Fighting to maintain a confident air despite mounting qualms, Neil guided her up the paved walk and brick steps to the narrow landing. A potted chrysanthemum drooped beside the wizened pumpkin smiling in toothless welcome leftover from Halloween. Fergus wasn’t much of a decorator.
Lifting his free hand, Neil banged the knocker on the olive-colored door. “Fergus!”
Mora gripped the iron railing with one hand. “Be this an alehouse ye’ve brought me to?”
“Of sorts. We’ll definitely be served refreshments.” Neil hoped she liked coffee. “It’s a townhouse.” What did they call townhouses in the British Isles, semi-detached, or was it attached? Likely it didn’t apply in her case anyway. “My friend, Angus Fergus, lives here.”
“Ah. He’s the tavern keeper, is he?”
“And a great deal more.”
Likely his eccentric business partner/best friend was settled in his favorite recliner with his laptop, tv remote in one hand and his caffeine molecule emblazoned mug in the other. Coffee was a food group to Fergus and one he took seriously. Even so, he might have dozed off in between caffeine highs or was preoccupied with one of his many gadgets.
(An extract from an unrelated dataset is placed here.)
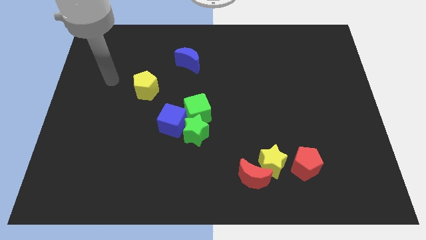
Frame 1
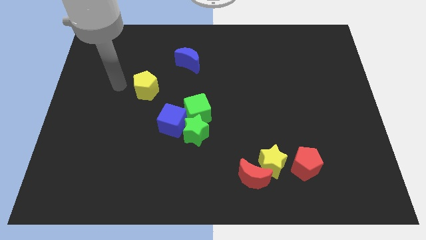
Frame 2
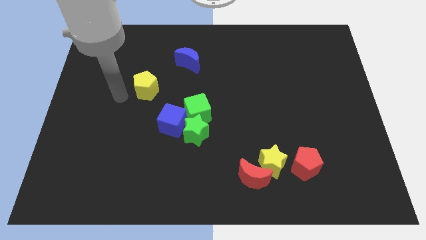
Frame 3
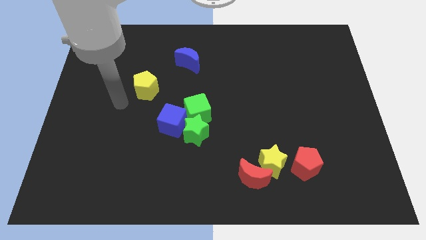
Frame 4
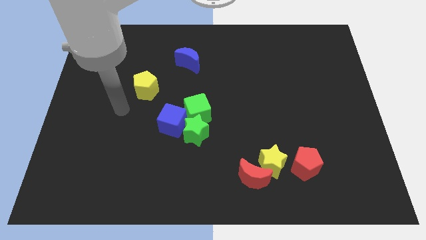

Neil pressed the buzzer. “Fergus! Open up.”
“Not locked,” came the muffled reply.
Mora shook her head. “He leaves his door unbolted for all to enter at such a late hour. What of thieves? Every barrel of ale will be pilfered and all his cattle carried away.”
“I’ll caution him.” Though where Fergus would keep any cows in this development was questionable. As for the barrels, he’d probably fill them with his favorite specialty coffee.
“He ought to keep watch,” Mora added, clearly shocked at the lax security.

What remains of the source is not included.